The family moved to a farmhouse in 1971 known as the Arnold Estate. According to the oldest daughter Andrea, who wrote a couple of books about their experience, at first the owner told them it was a great place to raise a family, but the day they moved in he issued a strange warning: “Leave the lights on at night.”

Andrea says they lived with the dead for the next several years. Their parents sold in the house in 1980 while Andrea was in college, and she was “heartbroken” because she loved it despite the things they endured there.

According to Andrea the movie isn’t based on her books about her experience, but on an investigation by psychics Ed & Lorraine Warren who also worked on the Amityville case that inspired The Amityville Horror movie. She told Horror-movies.ca that she is ultimately pleased with the film, although there is no way a two-hour movie could capture what the family experienced. “There is no conceivable way to condense what we as a family endured in the farmhouse into a two-hour motion picture,” she says. “But James (Wan) captured the essence of it and for this I will remain eternally grateful.

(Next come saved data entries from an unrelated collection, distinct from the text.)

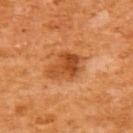Q: What is the lesion's diameter?
A: about 4 mm
Q: Who is the patient?
A: female, about 55 years old
Q: What lighting was used for the tile?
A: cross-polarized illumination
Q: What is the imaging modality?
A: 15 mm crop, total-body photography
Q: Lesion location?
A: the back
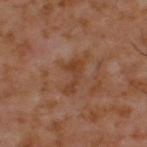Assessment: No biopsy was performed on this lesion — it was imaged during a full skin examination and was not determined to be concerning. Background: A lesion tile, about 15 mm wide, cut from a 3D total-body photograph. Imaged with cross-polarized lighting. Approximately 5 mm at its widest. A male subject about 60 years old. Located on the back.
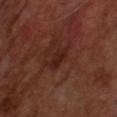Impression: Part of a total-body skin-imaging series; this lesion was reviewed on a skin check and was not flagged for biopsy. Context: This is a cross-polarized tile. A male subject approximately 65 years of age. A close-up tile cropped from a whole-body skin photograph, about 15 mm across. About 3 mm across.
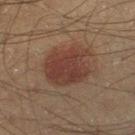follow-up — no biopsy performed (imaged during a skin exam) | image — 15 mm crop, total-body photography | diameter — ≈5.5 mm | site — the left thigh | patient — male, aged 38–42.
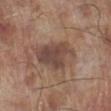Part of a total-body skin-imaging series; this lesion was reviewed on a skin check and was not flagged for biopsy. A region of skin cropped from a whole-body photographic capture, roughly 15 mm wide. The lesion's longest dimension is about 6 mm. The subject is a male roughly 70 years of age. The tile uses white-light illumination. The lesion is on the left lower leg. The total-body-photography lesion software estimated a mean CIELAB color near L≈45 a*≈17 b*≈24, roughly 10 lightness units darker than nearby skin, and a normalized lesion–skin contrast near 8. And it measured border irregularity of about 3 on a 0–10 scale and a color-variation rating of about 5/10. The software also gave a detector confidence of about 100 out of 100 that the crop contains a lesion.
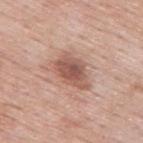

Here’s a long video of Andrea revisiting the house:

The Conjuring‘s director James Wan (Saw and Insidious) claims even the set of the movie was haunted. He told the NYDN that his maltipoo dog Lana “would stare at the corner of the office and make this really low growl. She would just be growling away and she would be just tracking whatever this thing is across my office, just looking at it, following it. She did this many, many nights in a row and it just freaked me out.”

Scriptwriters Chad and Carey Hayes claim they heard voices on the phone line while talking to Lorraine Warren to do research for the film. She says that this often happens, and she deals with it by saying “‘In the name of Jesus Christ, I command you to leave.’ And the static gets better.” Chad’s son witnessed a top spinning on a shelf by itself at an Occult museum they visited (in the back of the Warrens’ home like in the movie,) which they also attribute to paranormal activity.

UPDATE: The current residents of the Perron’s former home are being kept up at night, but not by ghosts. They are constantly getting visits, calls, and even threatening online comments.

The film stars Vera Farmiga, Patrick Wilson, Ron Livingston, Lili Taylor, Shanley Caswell, Hayley McFarland, Joey King, Mackenzie Foy, Kyla Deaver, and Shannon Kook.